La política en nombre de Dios es la moda, porque ahí está el poder popular: la convicción y la buena fe de las personas. Lo peor es que quienes la usan en campaña, sea Petro, Uribe o el señor Alejandro Gaviria (que en estos días se volvió defensor de la fe), solo ven esto como un instrumento utilitarista para luego desechar e ir contra los principios básicos del cristianismo, como la defensa de la vida desde el inicio hasta el final.
Para entender esta sucia estrategia política, hay que entender la historia. En una época, en todo el Imperio Romano había una sola persona digna de poseer el título de ‘señor’: el César, el emperador. Por lo mismo, todo el imperio debía confesar: “El César es el Señor”, y era tal la fuerza que se quiso imprimir a esta declaración, que durante cierto tiempo era saludo obligado del imperio, creando una campaña política inigualable: cuando un ciudadano romano se encontraba con otro, le saludaba levantando una mano diciendo: “El César es el Señor”; el otro a su vez respondía: “El César es el Señor”. Una propaganda continua infundida en la mente de las masas.
A veces ocurría un encuentro con alguien que en lugar de responder “El César es el Señor”, decía: “Jesucristo es el Señor”, lo que generaba la furia de los fieles del emperador y, sin duda alguna, imploraban la cárcel o la muerte para aquellos que se atrevían a irrespetar la imagen de su señor.

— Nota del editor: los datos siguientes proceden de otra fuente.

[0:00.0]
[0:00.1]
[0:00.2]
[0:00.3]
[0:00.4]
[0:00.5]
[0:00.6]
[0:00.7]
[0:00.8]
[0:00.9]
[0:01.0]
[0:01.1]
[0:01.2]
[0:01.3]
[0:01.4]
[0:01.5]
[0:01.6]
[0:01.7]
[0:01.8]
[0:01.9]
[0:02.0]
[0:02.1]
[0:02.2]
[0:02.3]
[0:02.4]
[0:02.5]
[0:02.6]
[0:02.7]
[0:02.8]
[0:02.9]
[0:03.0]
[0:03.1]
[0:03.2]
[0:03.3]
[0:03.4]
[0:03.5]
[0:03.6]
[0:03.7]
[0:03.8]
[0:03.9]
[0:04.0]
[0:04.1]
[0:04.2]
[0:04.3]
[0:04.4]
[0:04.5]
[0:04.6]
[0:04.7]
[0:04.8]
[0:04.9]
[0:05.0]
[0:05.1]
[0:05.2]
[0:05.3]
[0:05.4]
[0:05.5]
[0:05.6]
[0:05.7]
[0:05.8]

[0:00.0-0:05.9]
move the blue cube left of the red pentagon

Por su parte, los primeros cristianos eran hombres que preferían confesar que Cristo era el Señor, y morir si fuera necesario antes de seguir con vida negándole. Unos “locos” en el primer siglo habían contrarrestado una campaña política de tal magnitud, sustituyendo al César por un carpintero llamado Jesús. Tal fue el impacto que miles de cristianos empezaron con esta campaña a favor de su maestro y, por mucho tiempo, a los seguidores de Cristo los crucificaban por retar al César. Pero eso no los detuvo, logrando un poder más allá del imperio.

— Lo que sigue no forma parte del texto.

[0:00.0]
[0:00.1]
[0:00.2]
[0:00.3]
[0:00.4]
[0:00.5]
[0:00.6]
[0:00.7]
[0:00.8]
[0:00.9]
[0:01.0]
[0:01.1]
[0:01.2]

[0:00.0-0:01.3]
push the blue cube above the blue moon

Con los años, el Imperio Romano terminó adoptando el cristianismo. En pocas palabras, «si no puedes con tu enemigo, únete a él». Sin embargo, no les interesaba la fe, el amor, la devoción, sino el poder que emanaba de los seguidores de aquel que murió en la cruz. Un poder que movía las masas, al punto de formar personas que no le importaba ser perseguida y asesinada en nombre de esta fe.
La estrategia de los hombres para acceder al beneplácito de estos fieles fue la guerra de los 30 años. El cómo se usó la fe para avanzar geopolíticamente se perpetuó en la historia a través de las cruzadas y todas las guerras en nombre de Dios para obtener poder político y territorial. El malo del paseo terminó siendo el cristianismo, cuando eran los hombres quienes lo usaban para su expansión geopolítica.
Hoy en Colombia está pasando algo similar, solo que no en forma de guerra, sino en forma de democracia. En las últimas semanas, como cada 4 años, el cristianismo volvió a la agenda pública luego de que una encuesta dijera que la gente no votaría por un ateo. Por arte de magia todos los candidatos fueron a buscar militantes cristianos para meterlos en sus filas o hablar de libertad de culto, cuando esa nunca ha sido su agenda.
El motivo es que saben que los cristianos son mayoría para estas elecciones y los necesitan para el voto, para luego, como ha pasado con Uribe, Santos y otros, desecharlos después de haber manoseado el nombre de Dios y haber visitado catedrales.
No está mal que un cristiano participe en política y que defienda su fe y sus creencias desde ahí, lo que está mal es usar el nombre de Dios para luego desecharlo.
El cristianismo ha transformado, ha llevado amor, restauración y esperanza a un mundo quebrantado, pero existen aquellos que sacan créditos y venden sus principios a como dé lugar para hacerse señores y dejar mal el nombre del evangelio. Necesitamos cristianizar la política, no politizar el cristianismo.